For completeness, let's see if other classifier types can do any better:
naive bayes
# naive bayes
from sklearn.naive_bayes import GaussianNB
gnb = GaussianNB().fit(X, y)
yt = gnb.predict(Xt)
print 'prediction accuracy: %.4f' % (1 - (1. / len(yt) * sum( pred != yt )))
prediction accuracy: 0.7421
k-nearest neighbour
# kNN
from sklearn import neighbors
tuned_parameters = [{'n_neighbors' : [5, 10, 15, 20], 'weights' : ['uniform', 'distance']}]

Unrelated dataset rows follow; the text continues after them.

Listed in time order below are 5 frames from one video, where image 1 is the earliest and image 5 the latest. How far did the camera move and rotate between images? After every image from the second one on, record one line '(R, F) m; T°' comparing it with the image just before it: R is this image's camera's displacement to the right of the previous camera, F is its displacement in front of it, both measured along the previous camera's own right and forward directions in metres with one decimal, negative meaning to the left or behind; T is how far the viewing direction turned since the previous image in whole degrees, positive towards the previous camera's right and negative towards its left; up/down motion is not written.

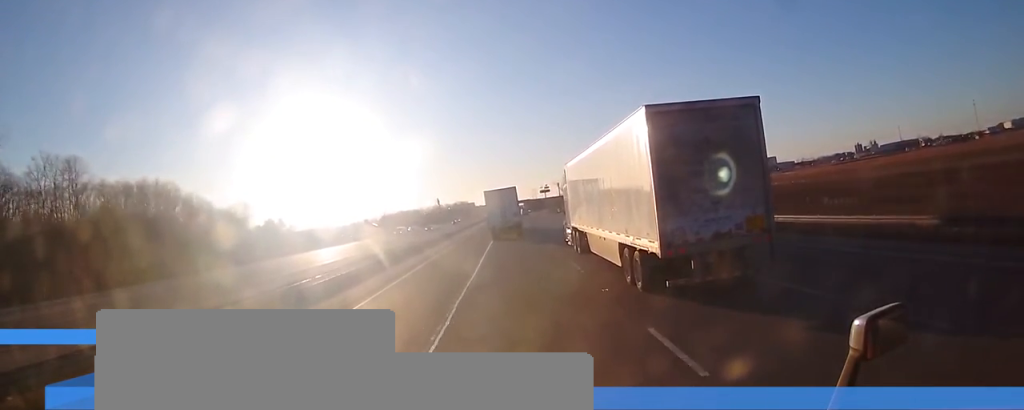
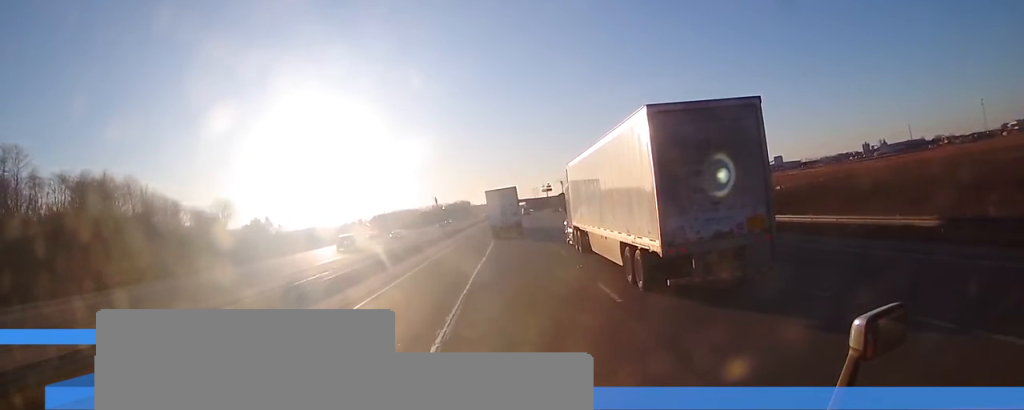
(+0.1, +18.8) m; 0°
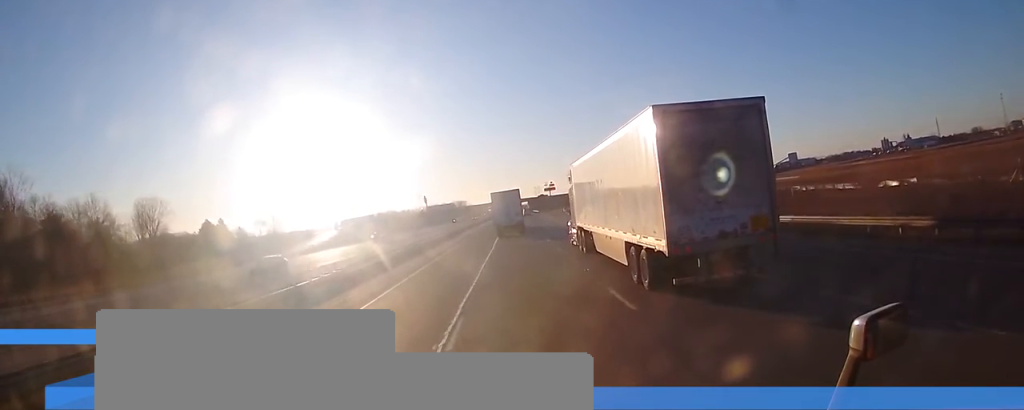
(+0.3, +49.0) m; 0°
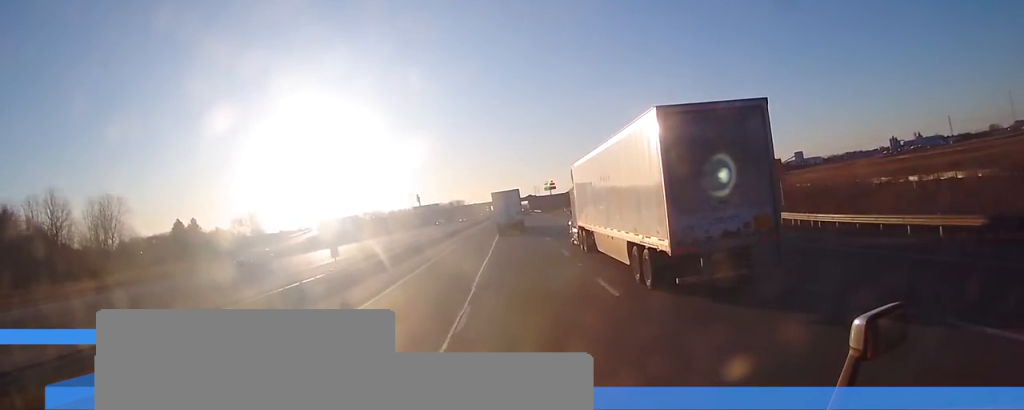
(0.0, +21.7) m; 0°
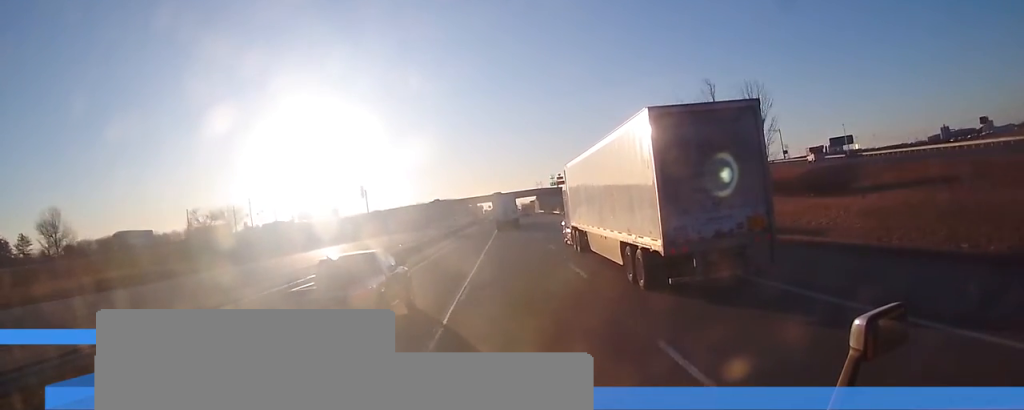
(-0.6, +116.3) m; +1°

knn = GridSearchCV( neighbors.KNeighborsClassifier(n_neighbors=5), tuned_parameters, cv=3, n_jobs=-1 ).fit(X, y)
print 'Best parameters set found on development set:'
print knn.best_estimator_
Best parameters set found on development set: KNeighborsClassifier(algorithm=auto, leaf_size=30, n_neighbors=5, p=2, warn_on_equidistant=True, weights=distance)
# prediction on test set
pred = knn.predict(Xt)
print 'prediction accuracy: %.4f' % (1 - (1. / len(yt) * sum( pred != yt )))
prediction accuracy: 0.7480
We see that naive bayes and kNN classifiers don't do any better in this case.